おそらく満一歳。ゴールデンレトリバーと雑種のハーフらしい。愛くるしい表情に家族中が癒されてるが、ペットに例えられるのは心外だ。
あまりに勢いよく尻尾を振るので、人間の視点で見ればちぎれるのではないかと苦笑してしまう必死さである。
(アレが、私と同じ……まわりに、あんな風に見られてるってこと?)
それならば、すでに周囲にもバレているのでは――。
その可能性が過った瞬間、花蓮の背筋が凍った。
「もしかして、長峰さんにもバレてたりするのかな?」
「わからない……っていうか、お姉ちゃん、今あっさり認めたよね」
妹の容赦のないツッコミに、花蓮は言葉に詰まる。
この話題について姉妹で話し合うことになるとは思わなかった。普通両者の立場が逆である。
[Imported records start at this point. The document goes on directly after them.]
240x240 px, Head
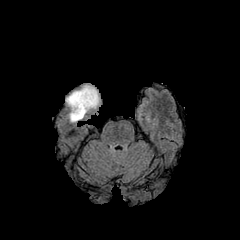
FLAIR magnetic resonance.
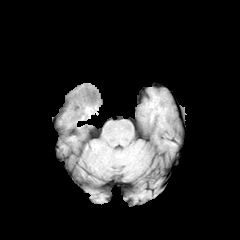
Same slice, T1-weighted magnetic resonance.
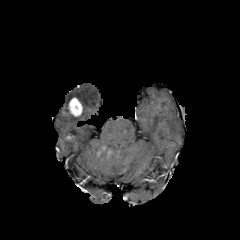
Post-contrast T1-weighted MRI.
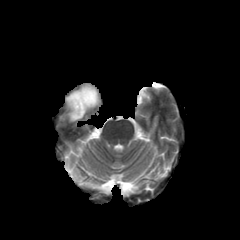
T2-weighted magnetic resonance of the same slice.
Enhancing tumor: bounding box {"x1": 68, "y1": 98, "x2": 82, "y2": 116}.
Edema: bounding box {"x1": 65, "y1": 84, "x2": 100, "y2": 122}.
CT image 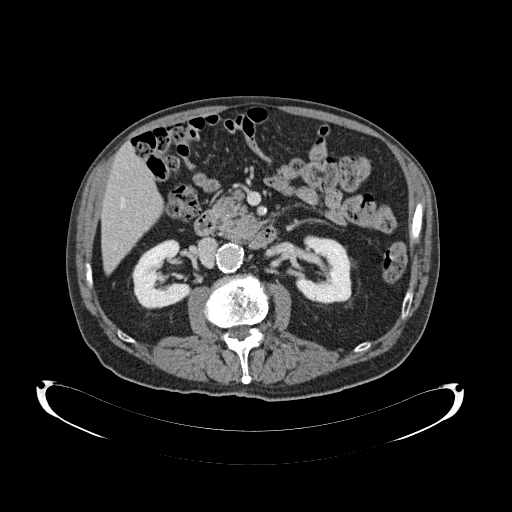
* pancreas: x1=213, y1=189, x2=260, y2=245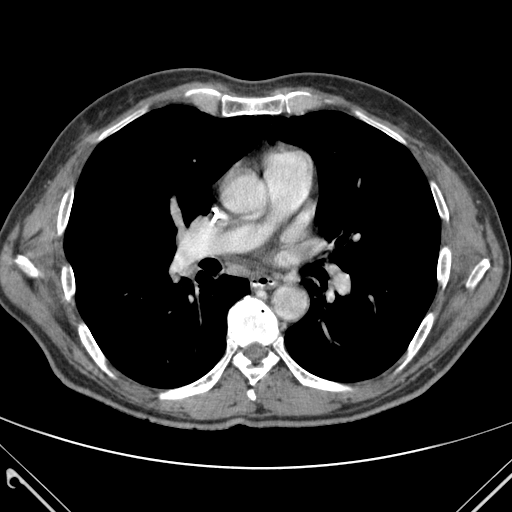
CT scan slice | Image size 512x512

Annotated regions:
* bone: 432, 184, 448, 219; 16, 256, 37, 275; 437, 248, 450, 286; 160, 296, 349, 398; 99, 111, 142, 139; 247, 390, 255, 399; 467, 259, 489, 286; 79, 325, 109, 373; 401, 314, 432, 367; 354, 112, 403, 141; 57, 190, 73, 233; 186, 89, 309, 116; 62, 267, 74, 299
* lung: 64, 105, 440, 388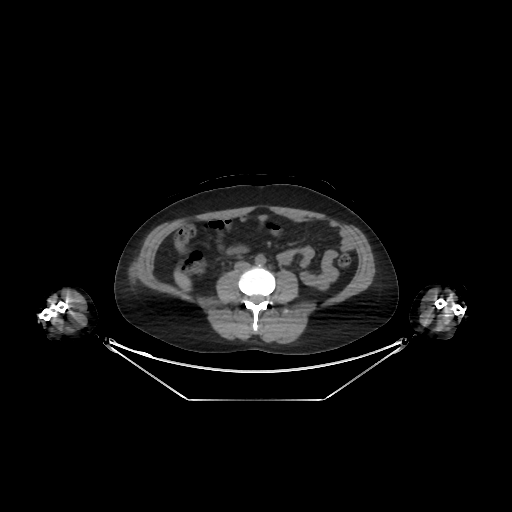

Computed tomography. 512x512 px. Annotated regions:
* liver: 174 269 190 295
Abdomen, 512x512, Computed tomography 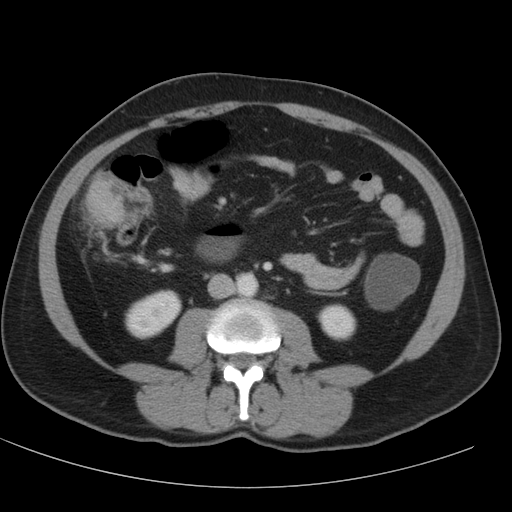 Kidney: bounding box [319,305,354,338], [126,291,180,338].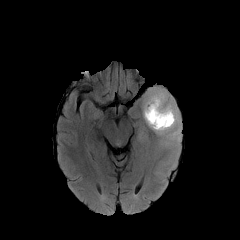
FLAIR magnetic resonance.
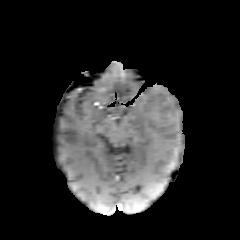
T1-weighted magnetic resonance.
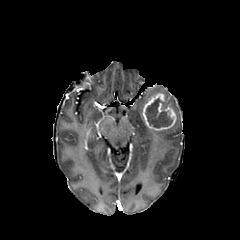
Same slice, post-contrast T1-weighted MRI.
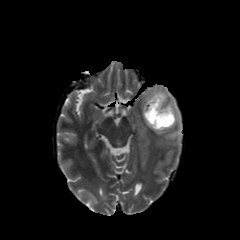
Same slice, T2-weighted MR image.
Head
Enhancing tumor at 142:92:176:130.
Non-enhancing tumor core at 145:99:172:127.
Edema at 152:119:181:149, 141:86:180:117.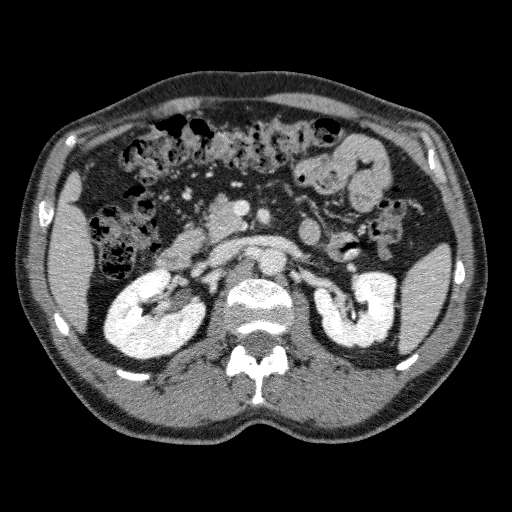 CT; Liver

Segmented structures:
• liver: bbox=[49, 171, 93, 330]
• kidney: bbox=[315, 273, 395, 346]; bbox=[105, 269, 204, 357]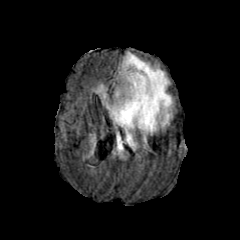
FLAIR MRI.
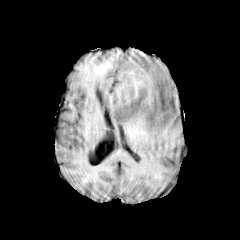
T1-weighted MRI.
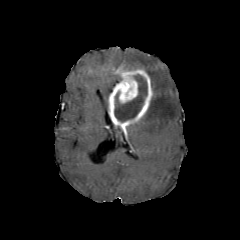
Post-contrast T1-weighted MR image.
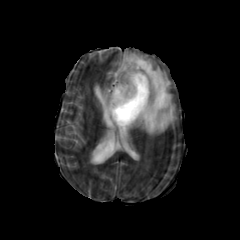
T2-weighted magnetic resonance.
Head
The non-enhancing tumor core appears at box(114, 74, 147, 122). 3 edema regions appear at box(116, 133, 124, 150); box(121, 51, 172, 145); box(97, 85, 108, 108). The enhancing tumor is at box(108, 65, 152, 126).
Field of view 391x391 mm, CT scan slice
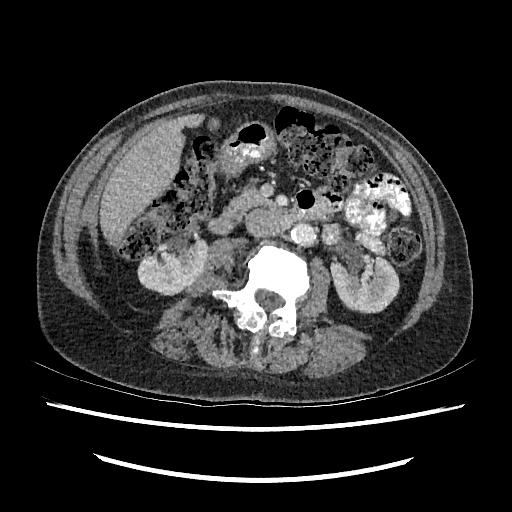 liver_lesion:
  - [x1=142, y1=142, x2=157, y2=153]
kidney:
  - [x1=331, y1=257, x2=398, y2=312]
  - [x1=138, y1=243, x2=207, y2=294]
liver:
  - [x1=101, y1=114, x2=202, y2=244]
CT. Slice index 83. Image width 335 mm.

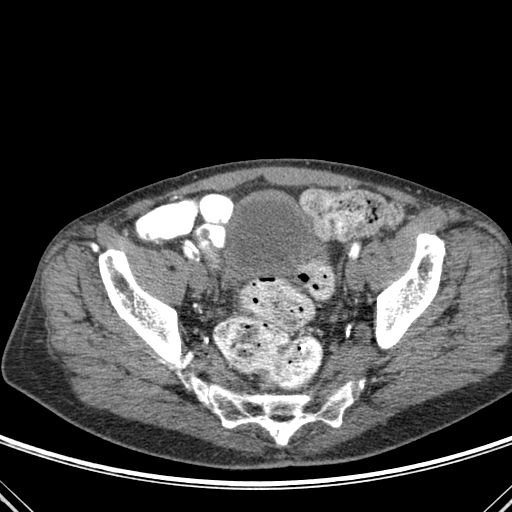 {
  "bone": [
    "bbox(358, 379, 364, 389)",
    "bbox(187, 373, 353, 445)",
    "bbox(375, 233, 444, 348)",
    "bbox(99, 249, 192, 374)"
  ]
}
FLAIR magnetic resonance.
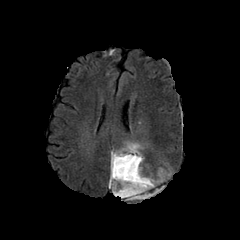
T1-weighted MRI.
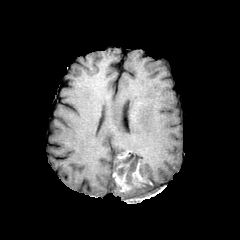
Post-contrast T1-weighted magnetic resonance.
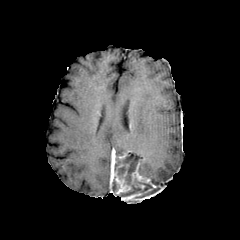
T2-weighted MRI.
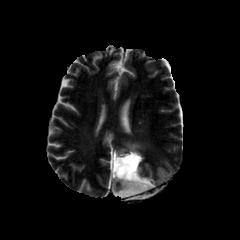
2 non-enhancing tumor core regions are located at 112 179 120 192, 115 151 156 198. 3 enhancing tumor regions are located at 133 172 155 187, 123 193 141 199, 109 152 130 194. The edema appears at 116 142 158 184.

「たぶん、そうだと思うけど……これまで特別に好きなコもできたことないから実感が湧かないの!」
女子校なので構内の恋愛は夢のまた夢。中学時代にちがうクラスの男子から告白されたことはあったが、それに応じるほど花蓮の気持ちは動かなかったのだ。
今までにない感情が高まっても、自分に自信が持てずにいる。
しかし……
「好きって言葉が正しいかわからない。でも、長峰さんは特別なの……気づかないうちに、特別になっちゃってただけなんだ」
溜め込んでいた気持ちを、花蓮はついに言葉にしてしまった。